“The dead baby card!” Exploring Obstetric Violence Through Sensitive Arts-Based Research
Evidence on obstetric violence is reported globally and is a human rights violation. They are widely reported in low and middle income countries, such as India although little is known about the characteristics and nature of disrespect and abuse in perinatal services in high resource countries, such as Canada. In this talk, Dr. Kaveri Mayra presents findings of obstetric violence research from two arts based studies in India and Canada, respectively. The study from India involved co-creation of birth mapping adapted from body mapping, with the participants to understand the embodied experience of respect, disrespect and abuse during childbirth. The body maps accurately portray women’s respectful and disrespectful births and are useful to understand women’s experience of a sensitive issue in a patriarchal culture.

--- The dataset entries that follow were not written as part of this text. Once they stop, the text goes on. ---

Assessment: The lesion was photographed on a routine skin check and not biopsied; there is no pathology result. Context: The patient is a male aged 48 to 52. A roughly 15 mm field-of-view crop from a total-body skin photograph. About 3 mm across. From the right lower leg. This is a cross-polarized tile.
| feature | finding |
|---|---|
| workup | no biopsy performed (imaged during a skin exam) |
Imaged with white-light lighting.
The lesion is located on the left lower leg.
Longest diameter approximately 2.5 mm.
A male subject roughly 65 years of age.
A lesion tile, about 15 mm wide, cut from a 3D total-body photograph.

The study in Canada involved using an innovative arts-based method to examine narrative responses from survey participants in the RESPCCT Study who reported on perinatal experiences. 2741 provided narrative responses to the open-ended question, “If you could change one thing about your care during pregnancy, birth and after birth, what would that be?” . Analysis was guided by feminist relational discourse methods in both the studies. The voice-centered relational method (VCRM) of analysis was adapted to produce three kinds of poems; 1) Full IPoems; 2) Context Poems; and 3) Sparse IPoems from the Canadian data. The India study narratives were analysed using traditional VCRM. The India poems are from a single person’s narrative that center the participants’ voice, and the poems from Canada are thematic, that display the solidarity of collective voices around concerns around respectful care, as well as opportunities for redress and quality improvement. The women and other birthing people’s experiences of obstetric violence and recommendations for respectful care for a positive birthing experience through 15 poems, across the domains of disrespect and abuse in prenatal, intrapartum and postnatal periods of care in Canada. They shared specific gaps in care and community-responsive strategies including the need for culture matched care; trauma-informed care for those experiencing loss; and recognition of the ways conflict between care providers and models of care led to negative experiences. Participants demanded increased access to midwifery and doula care.

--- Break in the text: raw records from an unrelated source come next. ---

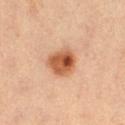{
  "biopsy_status": "not biopsied; imaged during a skin examination",
  "automated_metrics": {
    "border_irregularity_0_10": 2.0,
    "color_variation_0_10": 8.5,
    "peripheral_color_asymmetry": 3.0
  },
  "site": "right thigh",
  "lighting": "cross-polarized",
  "lesion_size": {
    "long_diameter_mm_approx": 3.5
  },
  "image": {
    "source": "total-body photography crop",
    "field_of_view_mm": 15
  },
  "patient": {
    "sex": "female",
    "age_approx": 50
  }
}
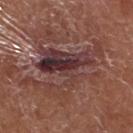Acquisition and patient details: Imaged with white-light lighting. Automated tile analysis of the lesion measured border irregularity of about 10 on a 0–10 scale, internal color variation of about 10 on a 0–10 scale, and peripheral color asymmetry of about 4. The analysis additionally found a lesion-detection confidence of about 75/100. A male subject aged 73–77. The lesion is on the left lower leg. The lesion's longest dimension is about 8 mm. A roughly 15 mm field-of-view crop from a total-body skin photograph.

Both the India and Canada studies have poems titled The Dead baby card, which is a globally known form of verbal abuse used to coerce people into accepting interventions that they may not consent to usually but to achieve that consent without clear explanation. This indicates the global challenge that is obstetric violence, that can be better understood, and addressed using sensitive methods of learning and exploring such as arts-based research to address and bring sustainable changes towards person-centered care.